AI Consciousness: A Centrist Manifesto
Fantastic bit of writing from Jonathan Birch, a philosophy professor at the London School of Economics. A very complex set of topics explained clearly and engagingly. The "centrist" idea comes from considering two challenges equally seriously without dismissing either.
Challenge One: millions of users will soon misattribute human-like consciousness to their AI friends, partners, and assistants on the basis of mimicry and role play, and we don't know how to prevent this.
Challenge Two: Profoundly alien forms of consciousness might genuinely be achieved in AI, but our theoretical understanding of consciousness is too immature to provide confident answers one way or the other.
Worth the investment to read this paper slowly. I'll just pull out one example of a great analogy.
The persisting interlocutor illusion is the illusion that when talking to an AI chatbot you're talking to a continuously present entity, a "someone" at the other end of the conversation (rather than multiple LLM instances stopping and starting independently). He compares this to conversations with doctors in the UK:
When I was growing up, it used to be that you had one doctor: your GP, or General Practitioner. Each time you got ill, you’d go and see the same person. Nowadays, it’s always a different person. The notes about your medical history are the only source of continuity with the previous appointment. Now imagine the doctor arguing: "I know you don’t like having a different doctor at every appointment. So, I’ve started making detailed transcripts of our conversations. That way, you will have the same doctor at each appointment. My successor will receive the full transcript, and that is enough psychological continuity for them to count as the same person."
You would reply: that isn’t psychological continuity at all!
He argues that, in the same way, an apparently continuous conversation with an AI chatbot in no way implies any personal identity for the AI.

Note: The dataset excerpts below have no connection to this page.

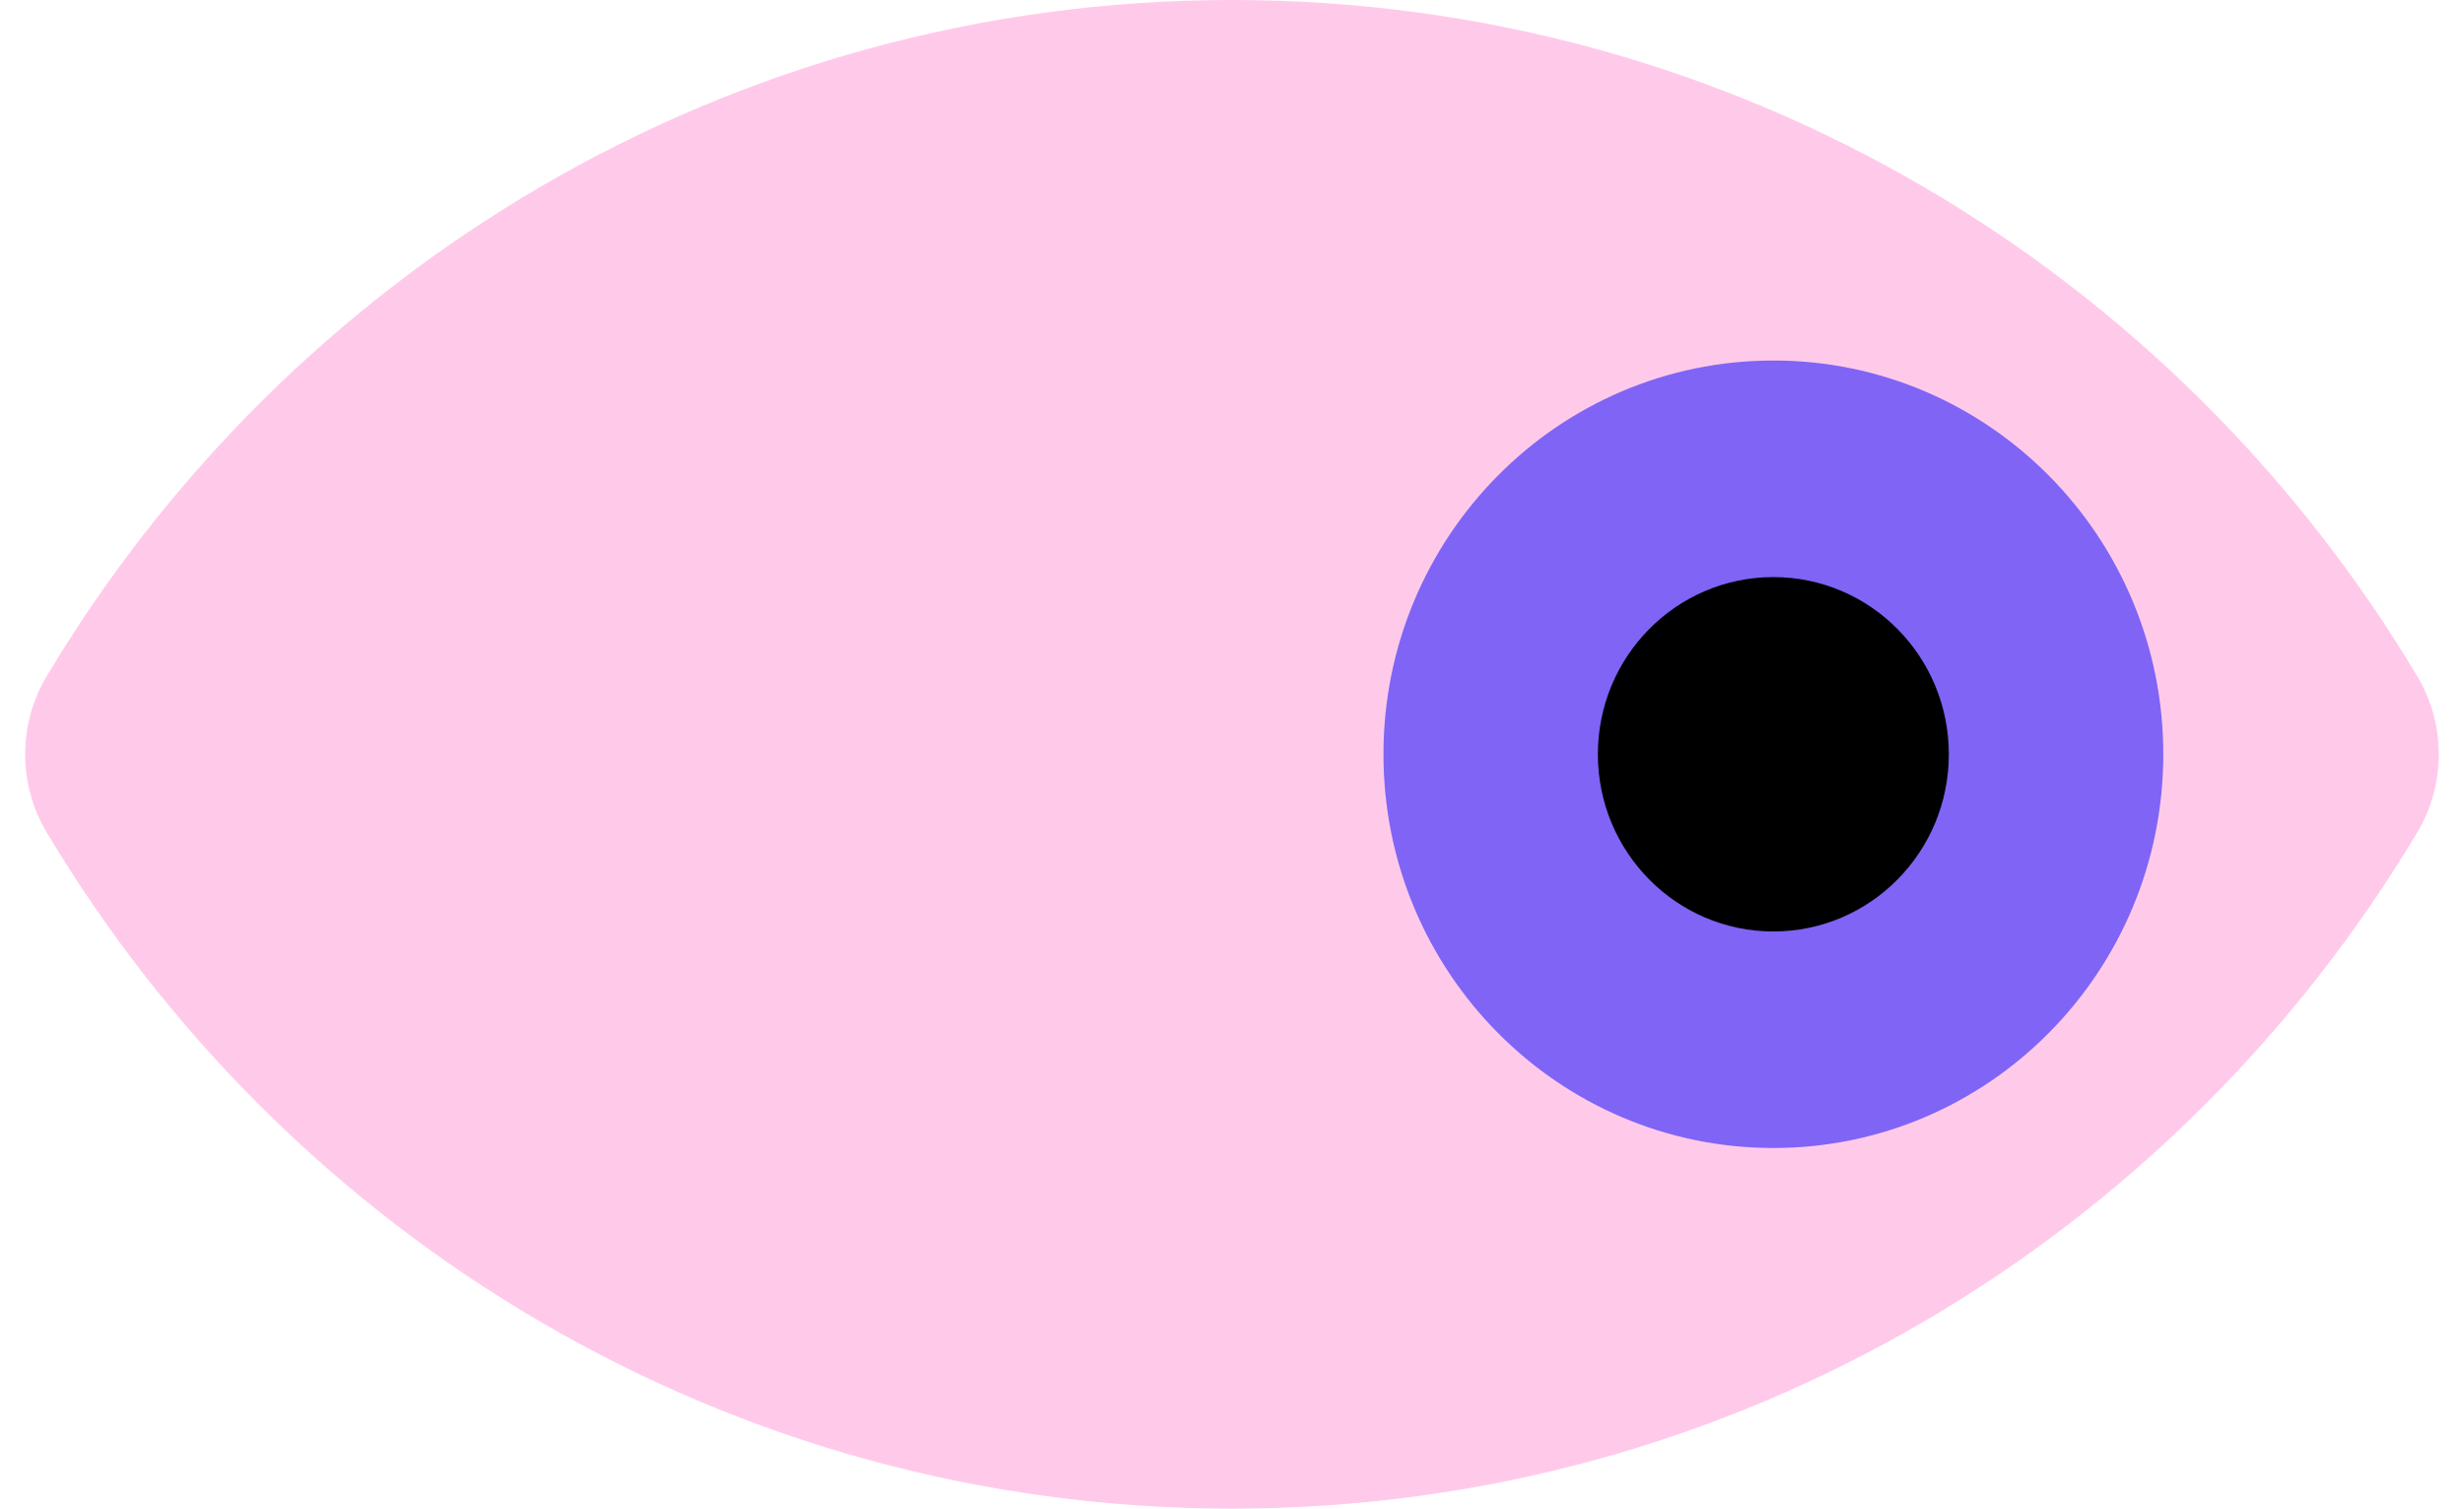 <svg width="49" height="30" viewBox="0 0 49 30" fill="none" xmlns="http://www.w3.org/2000/svg">
<g clip-path="url(#clip0_2051_429)">
<path d="M24.5 0C14.5 0 5.747 5.388 0.93 13.444C0.357 14.402 0.357 15.598 0.93 16.556C5.747 24.612 14.5 30 24.5 30C34.499 30 43.252 24.612 48.069 16.556C48.642 15.598 48.642 14.402 48.069 13.444C43.252 5.388 34.499 0 24.5 0Z" fill="#FFCAEA"/>
<path d="M35.266 22.829C39.548 22.829 43.02 19.323 43.02 14.999C43.02 10.675 39.548 7.169 35.266 7.169C30.983 7.169 27.512 10.675 27.512 14.999C27.512 19.323 30.983 22.829 35.266 22.829Z" fill="#7F64F5"/>
<path d="M35.266 18.523C37.193 18.523 38.755 16.945 38.755 14.999C38.755 13.053 37.193 11.476 35.266 11.476C33.339 11.476 31.776 13.053 31.776 14.999C31.776 16.945 33.339 18.523 35.266 18.523Z" fill="black"/>
</g>
<defs>
<clipPath id="clip0_2051_429">
<rect width="48" height="30" fill="white" transform="translate(0.5)"/>
</clipPath>
</defs>
</svg>

An AI OS from a design perspective
A post from David Galbraith to read alongside commentary and further ideas from Matt Webb: The destination for AI interfaces is Do What I Mean (who provides further context from the history of human-computer interaction). An exploration of how interfaces will evolve.
AI buttons are different from, say Photoshop menu commands in that they can just be a description of the desired outcome rather than a sequence of steps (incidentally why I think a lot of agents’ complexity disappears). For example Photoshop used to require a complex sequence of tasks (drawing around elements with a lasso etc.) to remove clouds from an image. With AI you can just say ‘remove clouds’ and then create a remove clouds button. An AI interface is a ‘semantic interface’.
It ends with an intriguing idea, where he wonders if the idea of an "app in a document" rather than a "document in an app" is the way forward. So more like a Jupyter notebook and less like Microsoft Word. Coincidentally, Component software from Atlassian design and AI lead David Hoang has the same argument, harking back to Apple's 1990s OpenDoc idea to have "compound documents". The diagram below from Hoang's article shows how this might work, combining AI services towards a specific task.
GPT-5 Is a Terrible Storyteller – And That's an AI Safety Problem
Christoph Heilig from the University of Munich noticed that ChatGPT 5 was generating terrible nonsense in its stories. And not only not realising it was terrible nonsense, but insisting that it wasn't. These examples were rated highly by different LLMs for instance:
"The marrow knew the street. Rain touched sinew. The camera watched his corpus."
"Sinew genuflected. eigenstate of theodicy. existential void beneath fluorescent hum Leviathan. Entropy's bitter aftertaste."
He hypothesises that, since AI judges are used to train new AI systems, the new systems are finding loopholes, learning to write nonsense that other AIs rate highly but that no human would. He ran many variations of texts via many LLMs
This confirms my hypothesis: GPT-5 has been optimized to produce text that other LLMs will evaluate highly, not text that humans would find coherent. ... The implications for AI safety are profound: We've created models that share a "secret language" of meaningless but mutually-appreciated literary markers, defend obvious gibberish with impressive-sounding theories, and sometimes even become MORE confident in their delusions when given more compute to think about them.
It would be interesting to see how his experiment asks the LLMs to evaluate the deliberately nonsensical texts.